Instructions for the task:
Reply with one number, the count of lines below that contain the string "WESTERN".
--- Raw data ---
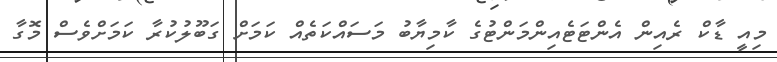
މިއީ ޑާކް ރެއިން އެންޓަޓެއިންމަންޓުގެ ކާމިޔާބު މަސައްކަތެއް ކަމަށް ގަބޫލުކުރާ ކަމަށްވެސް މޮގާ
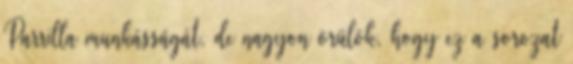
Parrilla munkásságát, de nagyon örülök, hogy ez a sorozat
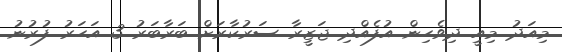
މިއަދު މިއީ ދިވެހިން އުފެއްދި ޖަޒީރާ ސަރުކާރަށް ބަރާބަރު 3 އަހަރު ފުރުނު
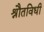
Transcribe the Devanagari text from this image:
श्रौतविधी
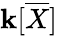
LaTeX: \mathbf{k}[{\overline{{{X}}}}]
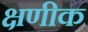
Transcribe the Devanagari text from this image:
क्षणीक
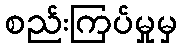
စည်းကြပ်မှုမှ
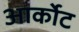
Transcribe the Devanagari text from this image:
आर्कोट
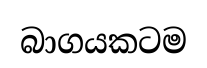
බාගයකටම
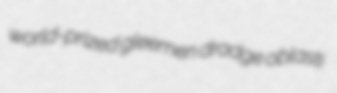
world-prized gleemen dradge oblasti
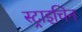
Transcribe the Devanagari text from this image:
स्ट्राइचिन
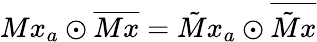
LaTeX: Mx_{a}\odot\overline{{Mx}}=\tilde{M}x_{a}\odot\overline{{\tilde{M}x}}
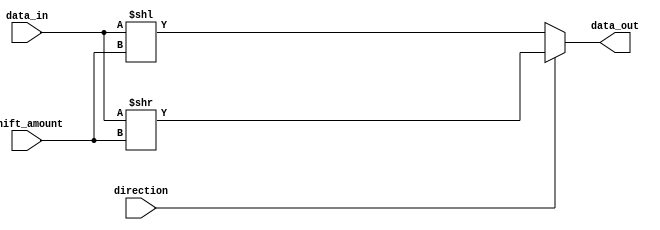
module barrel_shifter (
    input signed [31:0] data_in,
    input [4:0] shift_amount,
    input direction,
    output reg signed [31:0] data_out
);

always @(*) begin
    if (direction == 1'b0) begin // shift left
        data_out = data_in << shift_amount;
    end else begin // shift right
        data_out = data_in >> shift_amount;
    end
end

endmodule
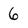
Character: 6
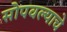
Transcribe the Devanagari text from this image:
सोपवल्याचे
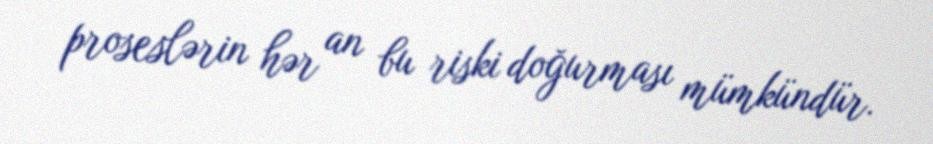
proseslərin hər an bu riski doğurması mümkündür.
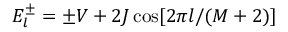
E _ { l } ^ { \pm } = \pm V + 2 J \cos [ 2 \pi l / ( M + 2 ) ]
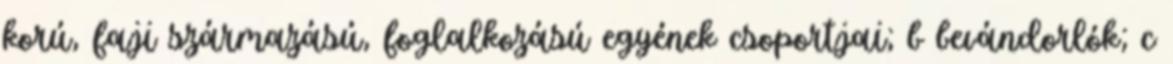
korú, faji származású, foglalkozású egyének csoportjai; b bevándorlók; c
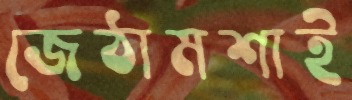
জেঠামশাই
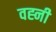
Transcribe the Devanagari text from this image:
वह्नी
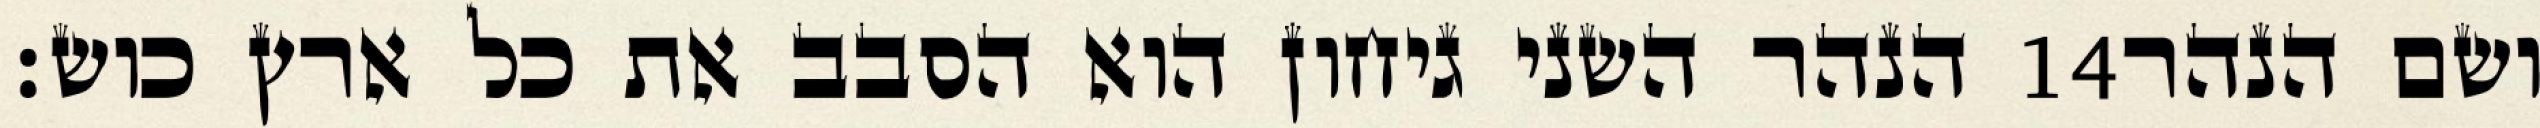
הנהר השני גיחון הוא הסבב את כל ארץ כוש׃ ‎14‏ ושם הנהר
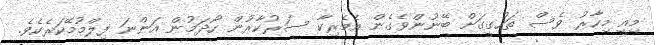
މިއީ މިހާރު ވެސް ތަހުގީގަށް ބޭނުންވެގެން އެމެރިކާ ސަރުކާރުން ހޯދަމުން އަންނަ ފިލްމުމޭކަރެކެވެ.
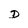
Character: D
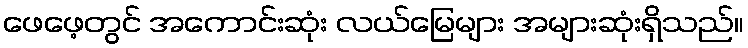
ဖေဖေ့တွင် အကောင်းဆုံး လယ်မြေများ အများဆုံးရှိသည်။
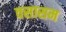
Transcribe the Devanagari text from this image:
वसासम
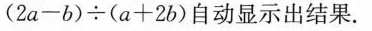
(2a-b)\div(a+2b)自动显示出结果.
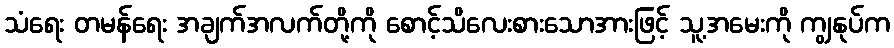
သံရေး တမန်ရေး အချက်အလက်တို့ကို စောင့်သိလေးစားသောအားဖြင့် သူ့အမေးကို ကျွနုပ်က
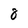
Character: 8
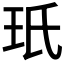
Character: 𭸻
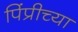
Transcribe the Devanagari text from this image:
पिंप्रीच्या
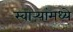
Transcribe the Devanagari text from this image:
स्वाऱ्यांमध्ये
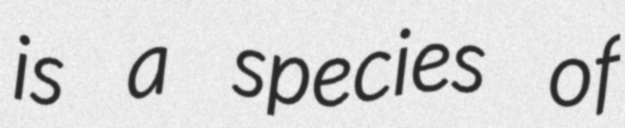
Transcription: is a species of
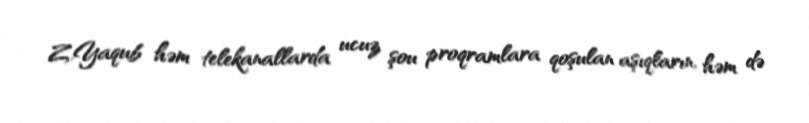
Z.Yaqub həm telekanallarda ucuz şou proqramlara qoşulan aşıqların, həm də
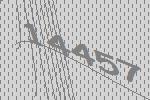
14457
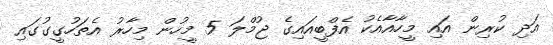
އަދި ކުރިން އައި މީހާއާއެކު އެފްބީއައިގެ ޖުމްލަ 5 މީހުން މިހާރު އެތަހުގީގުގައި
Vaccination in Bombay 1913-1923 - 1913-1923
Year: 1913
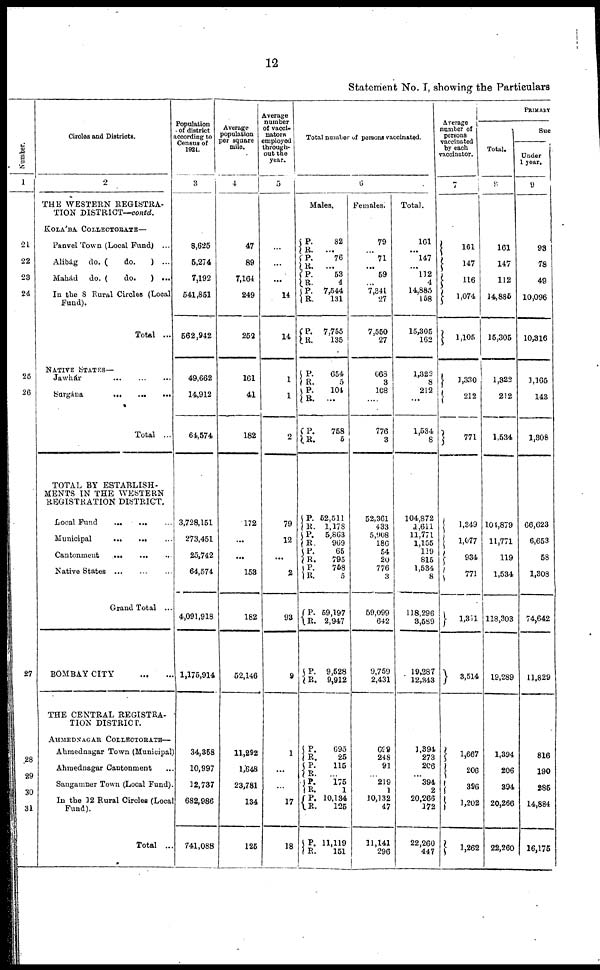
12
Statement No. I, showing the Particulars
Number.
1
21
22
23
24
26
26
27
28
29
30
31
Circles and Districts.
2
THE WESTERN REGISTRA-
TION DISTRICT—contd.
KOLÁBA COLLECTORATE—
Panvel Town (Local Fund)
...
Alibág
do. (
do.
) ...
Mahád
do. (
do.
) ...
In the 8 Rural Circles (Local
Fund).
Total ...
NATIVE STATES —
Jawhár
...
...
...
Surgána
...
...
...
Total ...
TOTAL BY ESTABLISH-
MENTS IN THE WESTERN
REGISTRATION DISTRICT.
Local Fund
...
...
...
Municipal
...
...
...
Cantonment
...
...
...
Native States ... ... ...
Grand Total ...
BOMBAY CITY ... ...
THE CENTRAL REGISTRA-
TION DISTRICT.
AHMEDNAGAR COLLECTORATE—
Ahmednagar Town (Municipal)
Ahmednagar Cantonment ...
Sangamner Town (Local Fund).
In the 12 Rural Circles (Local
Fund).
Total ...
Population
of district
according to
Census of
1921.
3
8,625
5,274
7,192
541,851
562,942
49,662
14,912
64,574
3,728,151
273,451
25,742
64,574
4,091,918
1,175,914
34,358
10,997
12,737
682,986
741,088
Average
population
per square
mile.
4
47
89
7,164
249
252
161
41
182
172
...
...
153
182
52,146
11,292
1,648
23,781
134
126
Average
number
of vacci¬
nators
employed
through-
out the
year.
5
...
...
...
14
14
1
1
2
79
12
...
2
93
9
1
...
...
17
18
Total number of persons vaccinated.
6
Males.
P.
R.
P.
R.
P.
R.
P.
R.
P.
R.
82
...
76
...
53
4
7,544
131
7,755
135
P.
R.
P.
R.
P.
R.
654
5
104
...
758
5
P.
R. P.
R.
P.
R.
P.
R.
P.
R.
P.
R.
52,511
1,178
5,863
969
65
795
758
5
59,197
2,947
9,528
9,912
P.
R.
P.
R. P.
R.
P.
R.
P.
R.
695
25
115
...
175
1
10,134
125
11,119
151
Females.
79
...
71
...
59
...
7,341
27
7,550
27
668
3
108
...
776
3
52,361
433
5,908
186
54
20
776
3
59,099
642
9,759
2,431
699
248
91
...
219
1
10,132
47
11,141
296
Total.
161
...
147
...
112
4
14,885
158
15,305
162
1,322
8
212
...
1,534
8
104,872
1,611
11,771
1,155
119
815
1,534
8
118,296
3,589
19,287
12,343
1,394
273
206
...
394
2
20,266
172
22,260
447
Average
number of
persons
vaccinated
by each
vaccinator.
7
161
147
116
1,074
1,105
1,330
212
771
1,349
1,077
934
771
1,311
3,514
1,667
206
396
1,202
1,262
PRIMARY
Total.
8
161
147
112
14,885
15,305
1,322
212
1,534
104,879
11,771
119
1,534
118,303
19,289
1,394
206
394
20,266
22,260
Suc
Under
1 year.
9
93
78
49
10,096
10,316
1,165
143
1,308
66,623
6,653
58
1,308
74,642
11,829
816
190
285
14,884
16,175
---
Task answer:
2